Question

The solution from the following with highest depression in freezing point/lowest freezing point is

• A. 180 g of benzoic acid dissolved in benzene
• B. 180 g of acetic acid dissolved in benzene
• C. 180 g of acetic acid dissolved in water
• D. 180 g of glucose dissolved in water

Answer 1

The Correct Option is C

To determine which solution has the highest depression in freezing point, we need to consider the colligative properties of solutions, specifically the freezing point depression.

Colligative Properties: Freezing point depression is given by the formula:

ΔT_f = i · K_f · m

where ΔT_f is the depression in freezing point, i is the van 't Hoff factor (number of particles the solute breaks into), K_f is the cryoscopic constant of the solvent, and m is the molality of the solution.

Analyzing Each Option:

• Option (3): 180 g of acetic acid in water. Acetic acid partially ionizes in water (i ≈ 1). The molality will be relatively high as the solvent is water.
• Option (2): 180 g of acetic acid in benzene. Acetic acid does not ionize in benzene (i = 1). Benzene has a lower K_f than water, leading to a lesser depression.
• Option (1): 180 g of benzoic acid in benzene. Similar to option (2), it does not ionize, and its effect will be limited by benzene’s lower K_f.
• Option (4): 180 g of glucose in water. Glucose does not ionize (i = 1), but its molar mass is higher, leading to a lower molality compared to acetic acid.

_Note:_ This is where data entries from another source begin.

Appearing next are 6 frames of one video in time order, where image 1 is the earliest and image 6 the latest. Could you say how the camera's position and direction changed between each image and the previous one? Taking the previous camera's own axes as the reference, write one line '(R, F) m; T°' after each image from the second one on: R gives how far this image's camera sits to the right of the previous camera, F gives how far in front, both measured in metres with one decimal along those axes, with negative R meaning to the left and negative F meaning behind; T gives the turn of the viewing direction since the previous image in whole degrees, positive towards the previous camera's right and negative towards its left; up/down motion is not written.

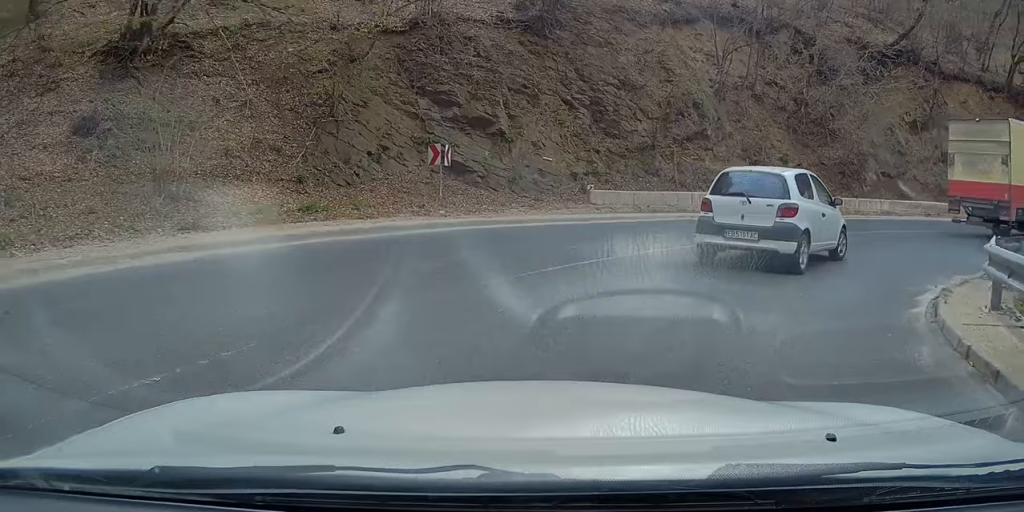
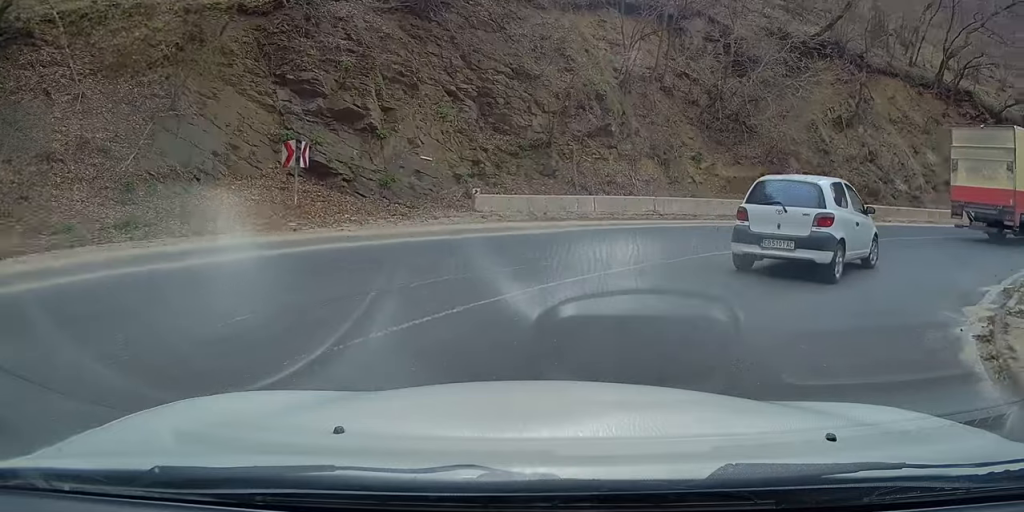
(-0.2, +2.7) m; +11°
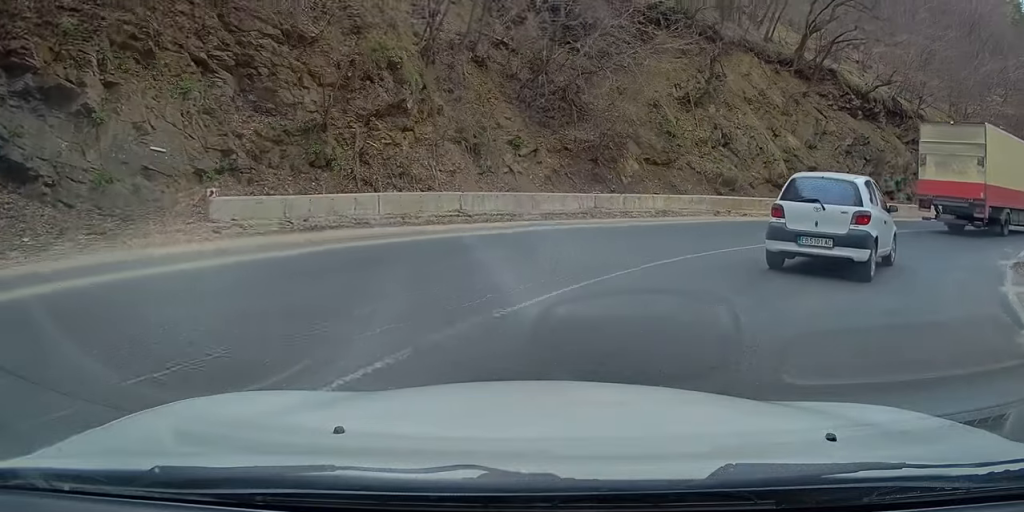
(+1.3, +4.6) m; +24°
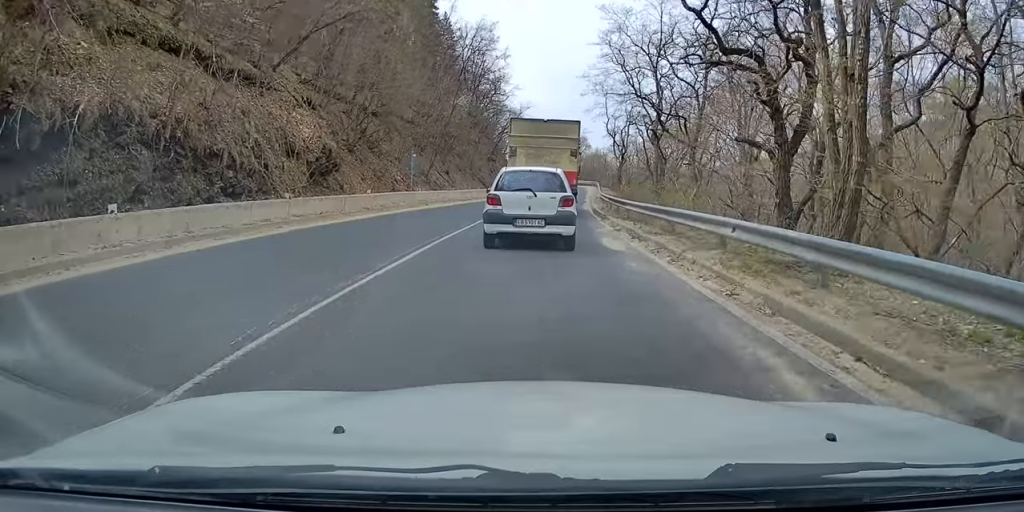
(+19.4, +26.0) m; +56°
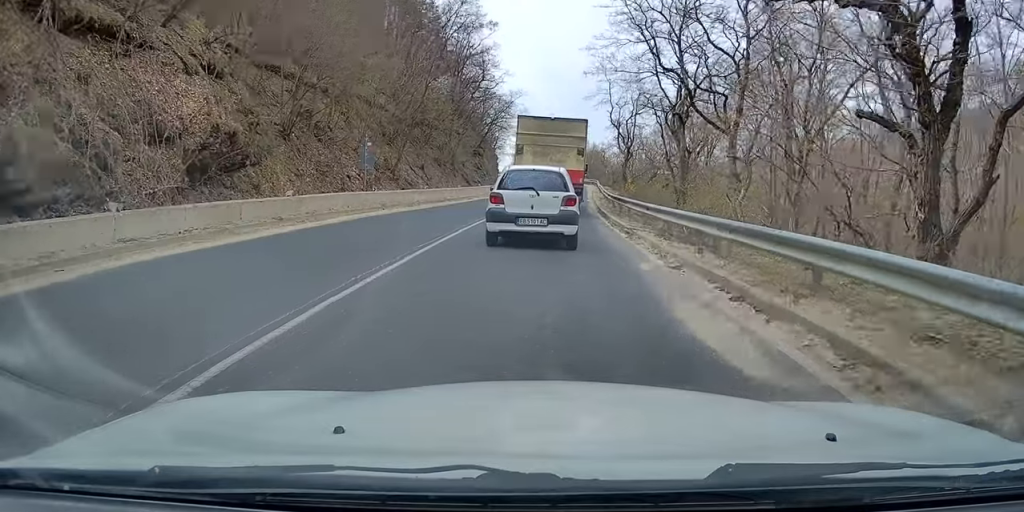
(+0.1, +8.3) m; 0°
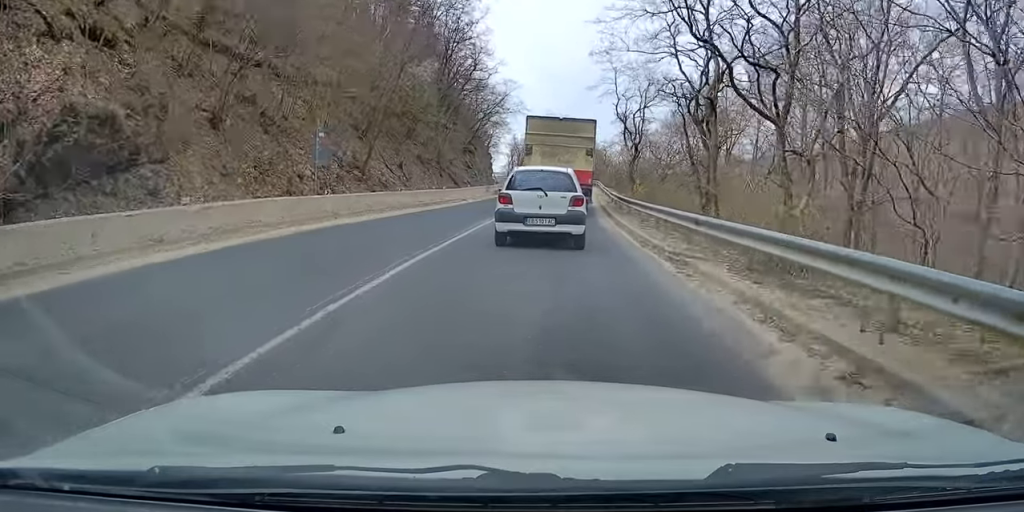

Conclusion: Given that acetic acid has a higher molar mass than glucose and ionizes in water, it will result in a greater freezing point depression.

Thus, the solution with the highest depression in freezing point is: 180 g of acetic acid dissolved in water.

Answer 2

To determine which solution has the highest depression in freezing point or lowest freezing point, we need to consider the concept of colligative properties, specifically the depression of freezing point.

Depression in Freezing Point:

The depression in freezing point (\(ΔT_f\)) is given by the formula:

\(ΔT_f = i \cdot K_f \cdot m\)

• \(i\) is the van 't Hoff factor (number of particles the solute splits into)
• \(K_f\) is the freezing point depression constant of the solvent
• \(m\) is the molality of the solution

The greater the number of particles (\(i \cdot m\)), the greater the depression of freezing point, and consequently, the lower the freezing point of the solution.

Evaluation of Options:

1. 180 g of benzoic acid dissolved in benzene:
   • Benzoic acid in benzene forms a dimer, effectively lowering \(i\) to about 0.5.
2. 180 g of acetic acid dissolved in benzene:
   • Acetic acid similarly forms a dimer in benzene, which also results in a lower \(i\).
3. 180 g of acetic acid dissolved in water:
   • Acetic acid partially ionizes in water to form acetate ions and protons, increasing \(i\) since it dissociates into multiple particles.
4. 180 g of glucose dissolved in water:
   • Glucose, being a non-electrolyte, does not dissociate in water and \(i\) remains 1.

Considering the dissociation and ionization:

• Acetic acid in water increases the number of solute particles due to partial ionization.
• This results in a higher \(i \cdot m\) value compared to others, leading to the greatest depression of freezing point.

Conclusion: The solution with 180 g of acetic acid dissolved in water exhibits the highest depression in freezing point due to its ability to ionize, leading to the lowest freezing point.